We tried to use GEMM with INT8 (using cuBLAS GEMMEX API), but we met the following issues,

In our typical settings, M=768, N=786432, K=128, GEMM with INT8 (volta_sgemm_int8_128x128_nt) is much slower than FP16 (turing_h1688gemm_128x128_ldg8_nt), 21.443ms vs. 8.6957ms. I changed to CUDA version from 10.1 to 11.2, the performane results are same.

We would like to use UINT8 instead of INT8, How to configure the cublasGemmEx? It is not clear in the cuBLAS manual. I try to use CUDA_R_8U instead of CUDA_R_8I, but the results seems wrong.

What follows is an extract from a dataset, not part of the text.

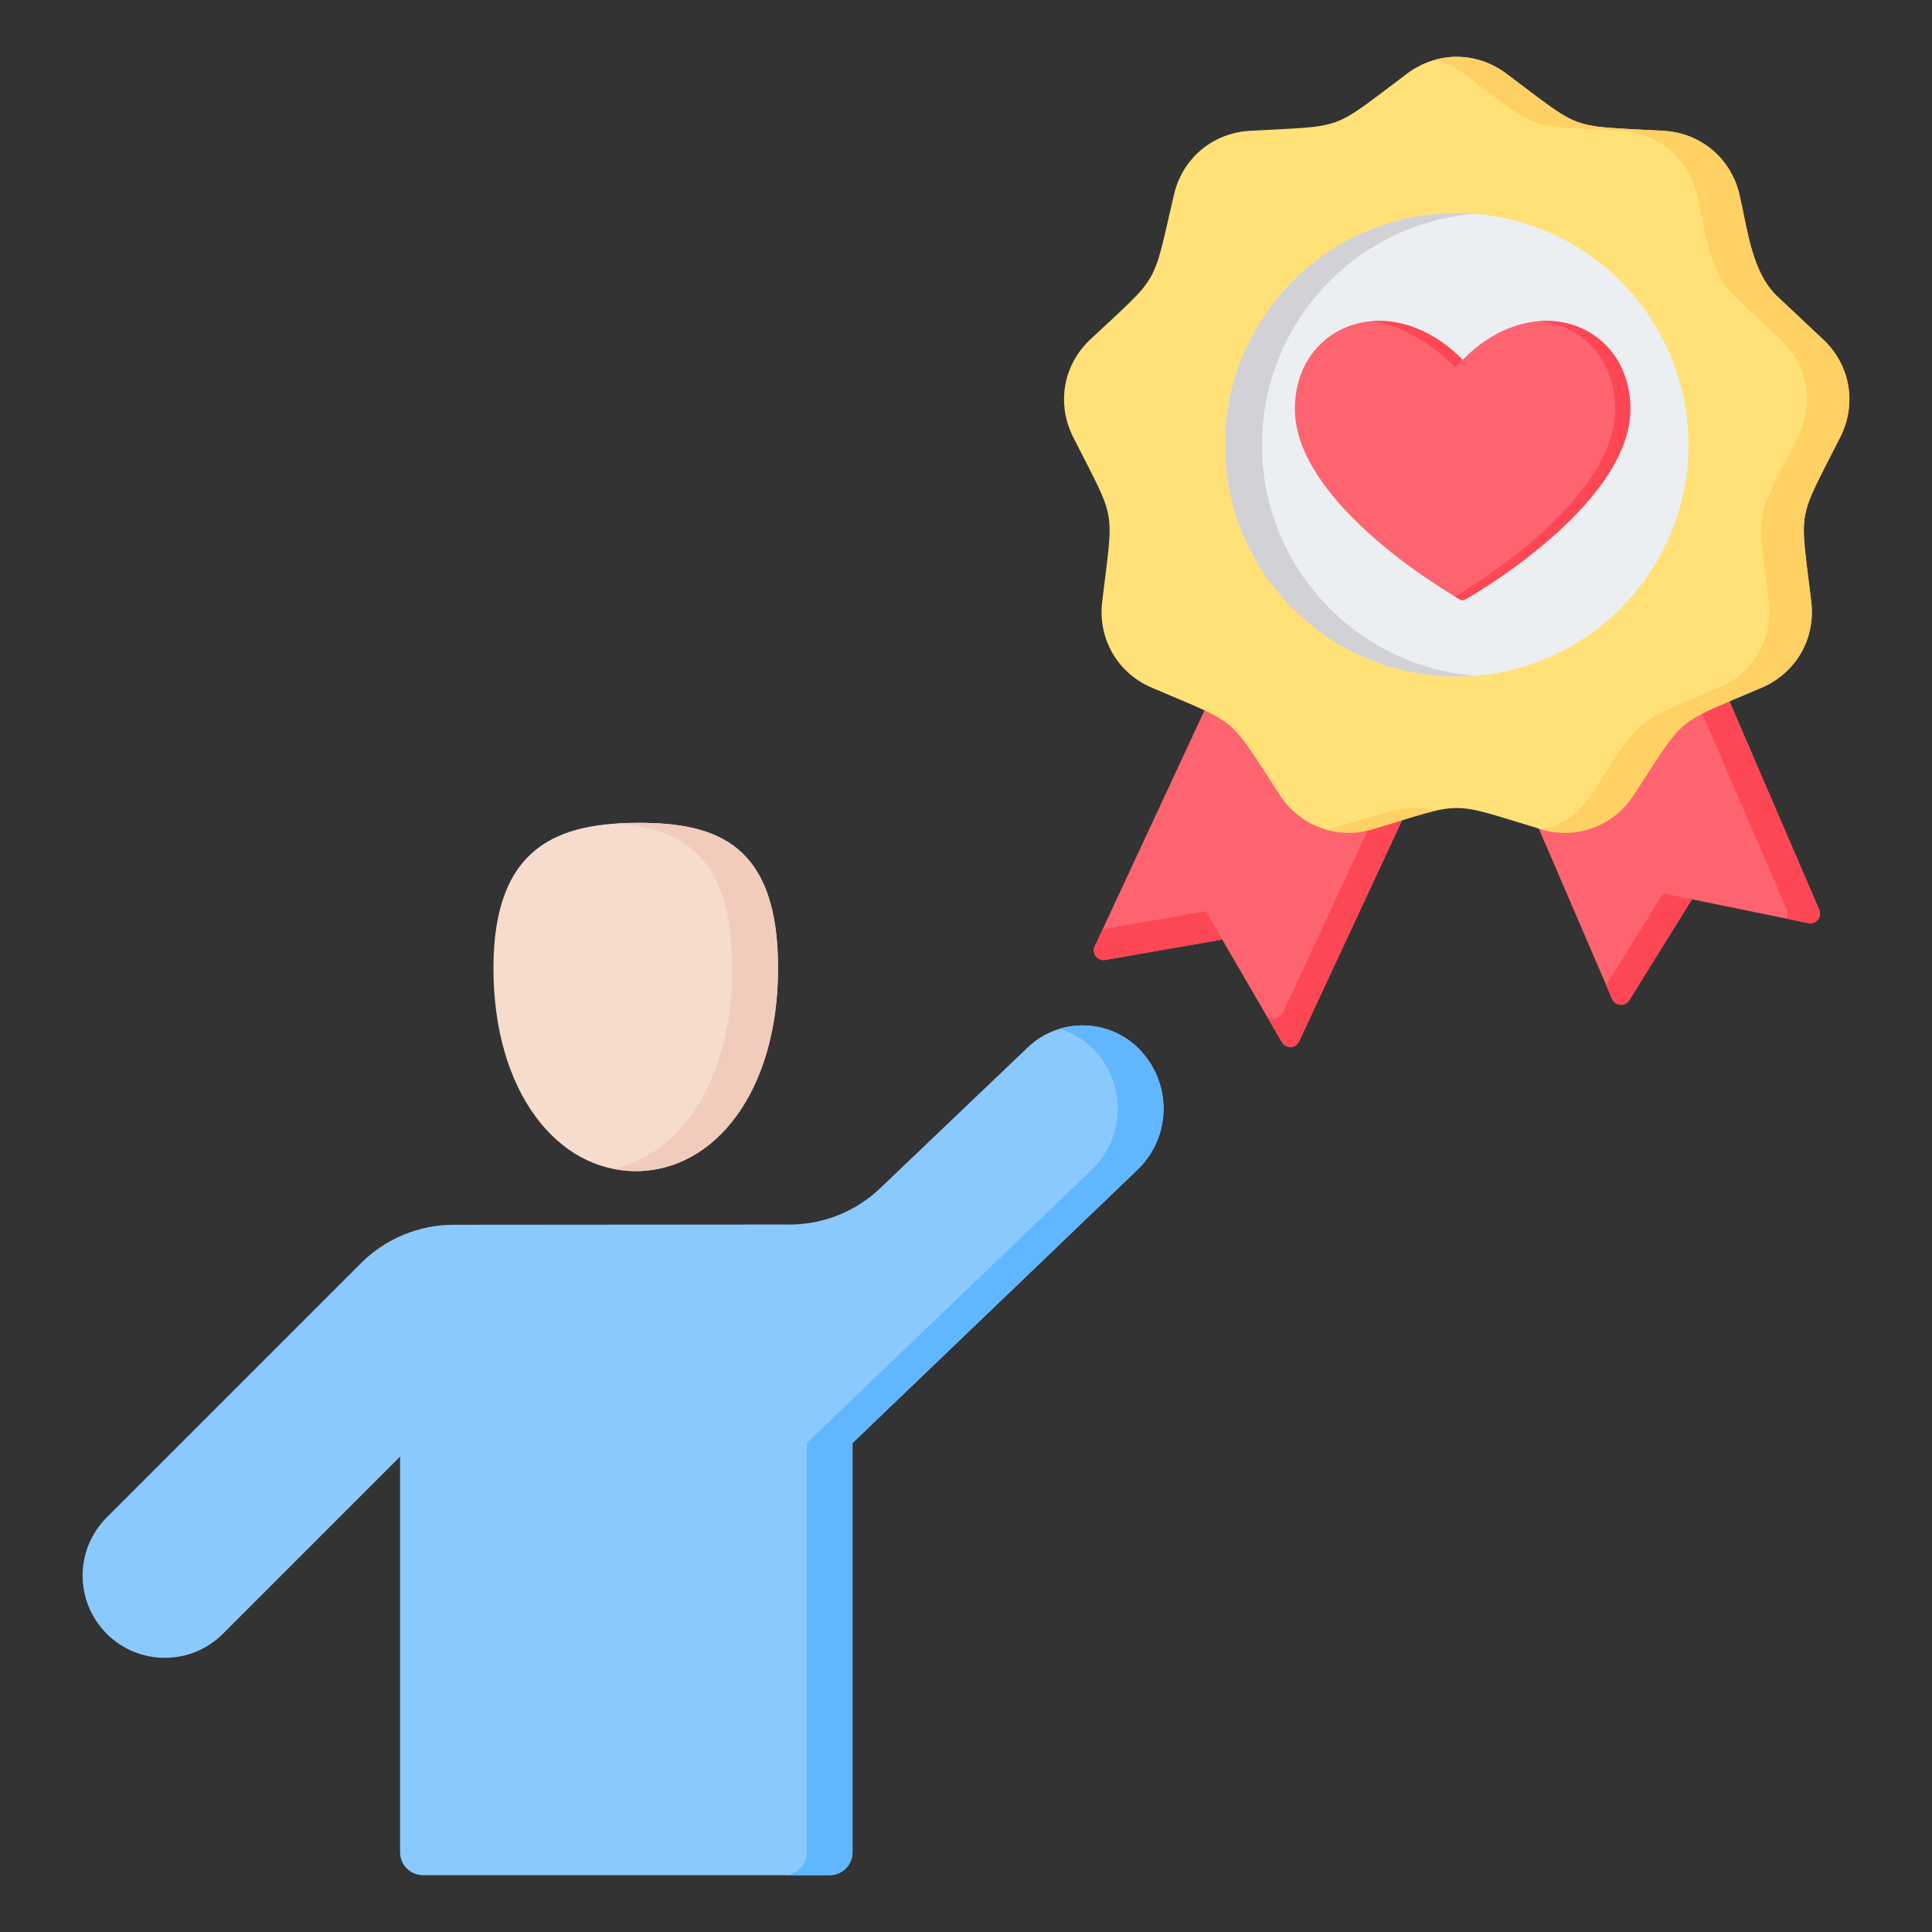 <svg clip-rule="evenodd" fill-rule="evenodd" stroke-linejoin="round" stroke-miterlimit="2" viewBox="0 0 510 510" xmlns="http://www.w3.org/2000/svg"><rect x="0" y="0" width="510" height="510" fill="#333333" stroke="none"/><g><g><path d="m447.7 164.642-47.744 39.594 25.608 59.46c.818 1.899 3.443 2.099 4.539.324l16.532-26.627 30.702 6.282c2.053.417 3.705-1.621 2.887-3.535z" fill="#fe646f"/><path d="m447.7 164.642-6.314 5.233 30.271 70.265c.355.834.247 1.683-.155 2.347l5.835 1.188c2.053.417 3.705-1.621 2.887-3.535zm-23.695 95.426 1.559 3.628c.818 1.899 3.443 2.099 4.539.324l16.532-26.627-7.595-1.559z" fill="#fd4755"/><path d="m377.265 201.164-34.33 73.739c-.88 1.883-3.504 2.006-4.554.2l-15.745-27.09-30.888 5.387c-2.053.355-3.643-1.729-2.763-3.612l33.944-72.936z" fill="#fe646f"/><path d="m377.265 201.164-34.33 73.739c-.88 1.883-3.504 2.006-4.554.2l-15.745-27.09-30.888 5.387c-2.053.355-3.643-1.729-2.763-3.612l2.084-4.492 27.229-4.754 15.745 27.106c1.05 1.79 3.674 1.682 4.554-.201l32.2-69.17z" fill="#fd4755"/><path d="m397.625 19.434c20.53 15.359 15.884 13.661 41.477 15.097 9.833.54 17.829 7.239 20.067 16.825 2.13 9.061 3.164 20.484 10.08 26.967l11.994 11.268c7.177 6.731 8.983 16.996 4.538 25.794-11.562 22.877-10.697 17.999-7.657 43.453 1.174 9.787-4.044 18.817-13.105 22.691-23.571 10.095-19.774 6.916-33.805 28.372-5.387 8.243-15.189 11.809-24.605 8.953-24.559-7.41-19.604-7.41-44.148 0-9.416 2.856-19.218-.71-24.605-8.953-14.031-21.456-10.25-18.277-33.821-28.372-9.045-3.874-14.263-12.904-13.089-22.691 3.041-25.454 3.905-20.576-7.657-43.453-4.445-8.798-2.639-19.063 4.538-25.794 18.694-17.551 16.224-13.259 22.074-38.235 2.238-9.586 10.234-16.285 20.067-16.825 25.593-1.436 20.947.262 41.462-15.097 7.888-5.912 18.322-5.912 26.195 0z" fill="#ffe177"/><path d="m397.625 19.434c20.53 15.359 15.884 13.661 41.477 15.097 9.833.54 17.829 7.239 20.067 16.825 2.13 9.061 3.164 20.484 10.08 26.967l11.994 11.268c7.177 6.731 8.983 16.996 4.538 25.794-11.562 22.877-10.697 17.999-7.657 43.453 1.174 9.787-4.044 18.817-13.105 22.691-23.571 10.095-19.774 6.916-33.805 28.372-5.233 7.996-14.618 11.592-23.772 9.184 5.017-1.343 9.494-4.507 12.55-9.184 14.031-21.456 10.234-18.277 33.805-28.372 9.061-3.874 14.263-12.904 13.105-22.691-3.056-25.454-3.905-20.576 7.657-43.453 4.445-8.798 2.639-19.063-4.554-25.794l-11.994-11.268c-6.9-6.483-7.949-17.906-10.064-26.967-2.254-9.586-10.234-16.285-20.067-16.825-25.609-1.436-20.947.262-41.477-15.097-2.316-1.744-4.847-2.964-7.487-3.674 6.314-1.729 13.152-.494 18.709 3.674zm-18.709 194.573c-3.751.864-8.582 2.47-16.455 4.847-4.075 1.235-8.227 1.266-12.055.231.278-.061.555-.139.833-.231 16.671-5.032 19.743-6.653 27.677-4.847z" fill="#ffd064"/><path d="m384.535 178.581c33.697 0 61.174-27.477 61.174-61.174 0-33.681-27.477-61.158-61.174-61.158s-61.173 27.477-61.173 61.158c0 33.697 27.476 61.174 61.173 61.174z" fill="#eceff1"/><path d="m384.535 56.249c1.652 0 3.273.062 4.893.186-31.505 2.5-56.295 28.85-56.295 60.988 0 32.122 24.79 58.472 56.295 60.973-1.62.123-3.241.185-4.893.185-33.79 0-61.173-27.384-61.173-61.158 0-33.79 27.383-61.174 61.173-61.174z" fill="#d1d1d6"/></g><g><g><path d="m167.823 309.151c20.733 0 37.565-20.934 37.565-53.585 0-32.652-16.042-38.36-36.774-38.36-20.733 0-38.356 5.708-38.356 38.36 0 32.651 16.832 53.585 37.565 53.585z" fill="#f6dccd"/><path d="m161.787 308.543c17.867-3.656 31.529-23.561 31.529-52.977s-13.02-36.964-30.76-38.172c1.979-.132 4.003-.188 6.058-.188 20.732 0 36.774 5.708 36.774 38.36 0 32.651-16.832 53.585-37.565 53.585-2.055 0-4.071-.206-6.036-.608z" fill="#f1cbbc"/></g><g><path d="m95.292 333.444c6.482-6.482 15.272-10.127 24.439-10.134l88.733-.068c8.885-.006 17.427-3.431 23.856-9.564l39.361-37.549c8.274-7.525 21-7.224 28.909.685l.001.001c4.323 4.323 6.69 10.227 6.551 16.339-.139 6.113-2.773 11.902-7.288 16.024l-74.813 71.75v108.036c0 1.601-.636 3.136-1.768 4.268s-2.667 1.768-4.268 1.768h-107.359c-3.334 0-6.036-2.702-6.036-6.036v-104.445l-46.749 46.749c-8.477 8.477-22.22 8.476-30.696 0-4.071-4.071-6.358-9.592-6.358-15.348 0-5.757 2.287-11.278 6.357-15.348z" fill="#8ac9fe"/><path d="m279.739 271.563c7.164-2.151 15.226-.374 20.851 5.251l.001.001c4.323 4.323 6.69 10.227 6.551 16.339-.139 6.113-2.773 11.902-7.288 16.024l-74.813 71.75v108.036c0 1.601-.636 3.136-1.768 4.268s-2.667 1.768-4.268 1.768h-12.072c1.601 0 3.136-.636 4.268-1.768s1.768-2.667 1.768-4.268v-108.036l74.813-71.75c4.515-4.122 7.149-9.911 7.288-16.024.139-6.112-2.228-12.016-6.551-16.339l-.002-.001c-2.533-2.534-5.561-4.286-8.778-5.251z" fill="#60b7ff"/></g></g><g><path d="m385.213 158.156c-15.146-8.898-43.013-29.314-43.384-49.689-.413-22.685 25.08-32.969 44.263-13.468 19.177-19.501 44.67-9.222 44.262 13.463-.371 20.374-28.238 40.796-43.384 49.694-.56.325-1.203.325-1.757 0z" fill="#fe646f"/><path d="m385.213 158.156c-.366-.214-.742-.439-1.124-.669 15.356-9.222 41.894-29.142 42.255-49.025.246-13.588-8.805-22.722-20.218-23.674 13.228-1.082 24.5 8.533 24.228 23.674-.371 20.374-28.238 40.796-43.384 49.694-.56.325-1.203.325-1.757 0zm-23.161-73.368c8.02-.726 17.123 2.975 24.04 10.211-.675.601-1.344 1.234-2.003 1.909-6.378-6.483-15.455-11.581-22.037-12.12z" fill="#fd4755"/></g></g></svg>

Our benchmark code: GitHub  JunsongWang/cuBLASTest
The test is performed in Telas T4 card, with Driver Version: 418.181.07, CUDA Version: 10.1
Attached the Test Results:
root@c0dca262005a:~/cuBLASTest/build# nvprof ./cublastest
==7890== NVPROF is profiling process 7890, command: ./cublastest
===== start to test HGEMM, M=768, N=786432, K=128, test iterations:16 =====
FP16, total Time (timeofday) in 16 interations is 1.91351s.
===== start to test GEMMEx(INT8), M=768, N=786432, K=128, test iterations:16 =====
INT8, total Time (timeofday) in 16 interations is 3.74584s.
==7890== Profiling application: ./cublastest
==7890== Profiling result:
Type Time(%) Time Calls Avg Min Max Name
GPU activities: 90.96% 5.17309s 32 161.66ms 110.38ms 213.00ms [CUDA memcpy DtoH]
6.03% 343.08ms 16 21.443ms 21.181ms 21.899ms volta_sgemm_int8_128x128_nt
2.45% 139.13ms 16 8.6957ms 7.7914ms 12.507ms turing_h1688gemm_128x128_ldg8_nt
0.56% 31.810ms 5 6.3621ms 2.0160us 20.800ms [CUDA memcpy HtoD]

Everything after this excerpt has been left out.